Sitting next to her, Hunter Anglea, 61, of Janesville, said the recall result strengthened his urge to leave California.

“If my house burns down, it’ll be the time to go,” said Anglea, who worked at CCC for 25 years before recently retiring as warden of the Sierra Conservation Center.

Tensions between rural communities and the Newsom administration over its handling of the pandemic helped fuel the recall movement here.

Smaller counties with fewer COVID-19 cases balked at the governor’s statewide shutdowns last year, saying they should have more local control, and some openly defied Newsom’s stay-at-home orders.

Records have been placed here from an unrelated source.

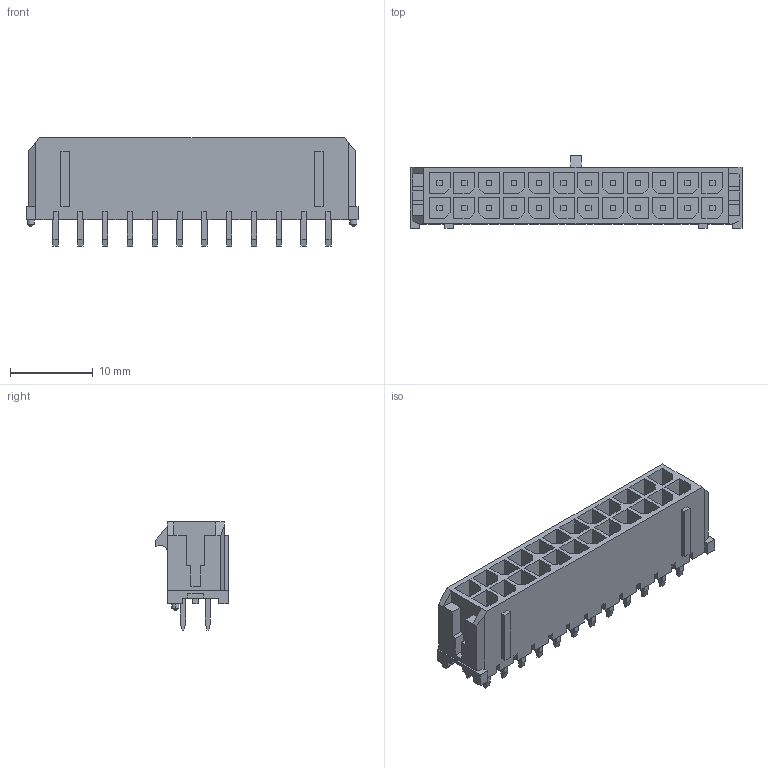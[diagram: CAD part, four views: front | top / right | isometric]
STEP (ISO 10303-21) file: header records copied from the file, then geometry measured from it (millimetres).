
FILE_DESCRIPTION(('STEP AP242'),'1');
FILE_NAME('0430452428.stp','2024-12-22T21:55:01',('TraceParts'),('TraceParts S.A.'),'Spatial InterOp 3D',' ',' ');
FILE_SCHEMA(('AP242_MANAGED_MODEL_BASED_3D_ENGINEERING_MIM_LF {1 0 10303 442 1 1 4}'));
Length unit declared in the file: millimetre
Products named in the file (1): 0430452428_1
Bounding box: 40.15 x 8.77 x 13.09 mm (x, y, z)
Volume: 1590.4 mm3; surface area: 3684.3 mm2
Topology: 1 solids, 1 shells, 795 faces, 2261 edges, 1578 vertices
Faces by surface type: plane 781, cone 8, cylinder 6
Entity records: 25333 total; most frequent: CARTESIAN_POINT 4524, ORIENTED_EDGE 4410, DIRECTION 3931, EDGE_CURVE 2205, LINE 2185, VECTOR 2185, VERTEX_POINT 1466, AXIS2_PLACEMENT_3D 873
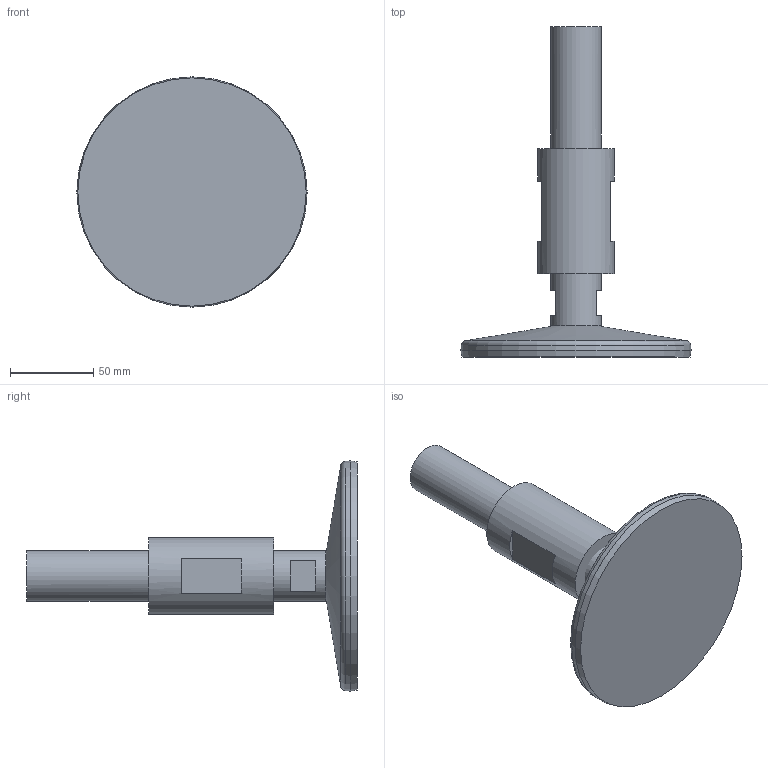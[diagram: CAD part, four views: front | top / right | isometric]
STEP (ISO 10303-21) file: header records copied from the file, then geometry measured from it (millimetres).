
FILE_DESCRIPTION (( 'STEP AP203' ), '1' );
FILE_NAME ('EHSFx8 - HSF138LC-M30-L175-R19.STEP', '2024-09-09T10:19:14', ( '' ), ( '' ), 'SwSTEP 2.0', 'SolidWorks 2024', '' );
FILE_SCHEMA (( 'CONFIG_CONTROL_DESIGN' ));
Length unit declared in the file: millimetre
Products named in the file (1): EHSFx8 - HSF138LC-M30-L175-R19
Bounding box: 138 x 198 x 138 mm (x, y, z)
Volume: 442842.2 mm3; surface area: 66141.9 mm2
Topology: 2 solids, 2 shells, 31 faces, 53 edges, 34 vertices
Faces by surface type: plane 18, cone 5, cylinder 3, torus 3, sphere 2
Full cylindrical faces by diameter (mm): 30 x1, 46 x1, 137.98 x1
Entity records: 751 total; most frequent: DIRECTION 130, CARTESIAN_POINT 106, ORIENTED_EDGE 82, AXIS2_PLACEMENT_3D 57, EDGE_LOOP 50, EDGE_CURVE 41, FACE_OUTER_BOUND 39, VERTEX_POINT 33
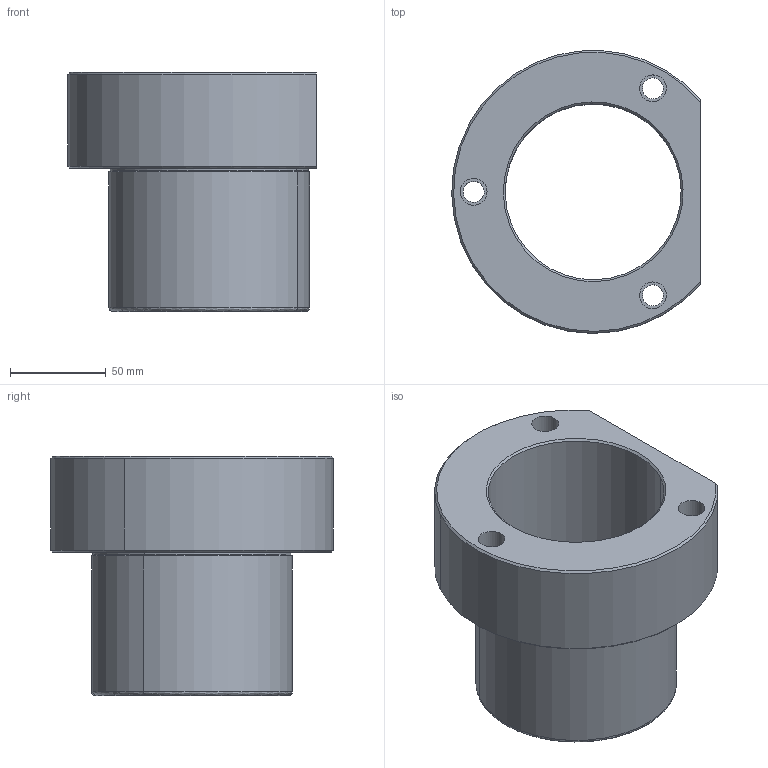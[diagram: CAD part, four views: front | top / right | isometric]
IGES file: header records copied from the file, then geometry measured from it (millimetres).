
Start section: START RECORD GO HERE.
Global section: file name: RDBA302L.8092.igs; native system: IBM CATIA IGES - CATIA Version 5 Release 19 ; preprocessor: CATIA Version 5 Release 19 ; author: Astroboy; organization: Astroboy-PC; date: 20170324.231709; units: millimetre
Bounding box: 129.99 x 147.89 x 125 mm (x, y, z)
Surface area: 106603.1 mm2 (no closed solid volume)
Topology: 0 solids, 0 shells, 39 faces, 177 edges, 181 vertices
Faces by surface type: revolution 32, plane 7

A man walks on a rural property accompanied by two dogs.
Lassen County Supervisor Jeff Hemphill, pictured in 2016, on his ranch in Janesville, Calif. Stress from the pandemic gave him ulcers that sent him to the hospital, he said.
(Los Angeles Times)

Last month, several Northern California counties with lower vaccination rates had more patients hospitalized with COVID-19 than at any point in the pandemic. Case numbers have fallen in recent days, as they have across the state.

Lassen County Supervisor Jeff Hemphill said the stress from getting so many frantic calls and emails from people he knew personally who were afraid of losing their businesses and not being able to pay rent gave him ulcers that sent him to the hospital for 10 days.

Hemphill, a rancher who lives in the Janesville house his family built in the 1930s, said Northern Californians have wrongly been caricatured as “a bunch of hicks.”

“They say rednecks, they say uneducated,” added his wife, Nancy, a civilian employee for the U.S. Department of Defense. “Both Jeff and I hold degrees. I’m working on my master’s degree. So nothing could be further from the truth.”

Hemphill said people here have to move forward after the election disappointment, and that he hopes Newsom at least learned a lesson.

“I’m being optimistic that he has had that epiphany, ‘You know what, I do work for the people. Ultimately, they’re my boss.’”

“I don’t believe he learned anything,” Nancy said.

Back at Artisan Coffee, Pickens said she too felt the recall defeat just reinforced the feeling that people here are looked down on as “the oddball cousins, up here in the middle of nowhere.”

Pickens’ husband is a correctional officer at CCC, where the state transferred coronavirus-infected inmates from San Quentin State Prison last summer, leading to a major outbreak in Lassen County. She blames Newsom for case numbers rising here and for all the disruption her teenage son faced with school closures.

“But I’ve been saying for weeks, if he wins this, we are screwed.”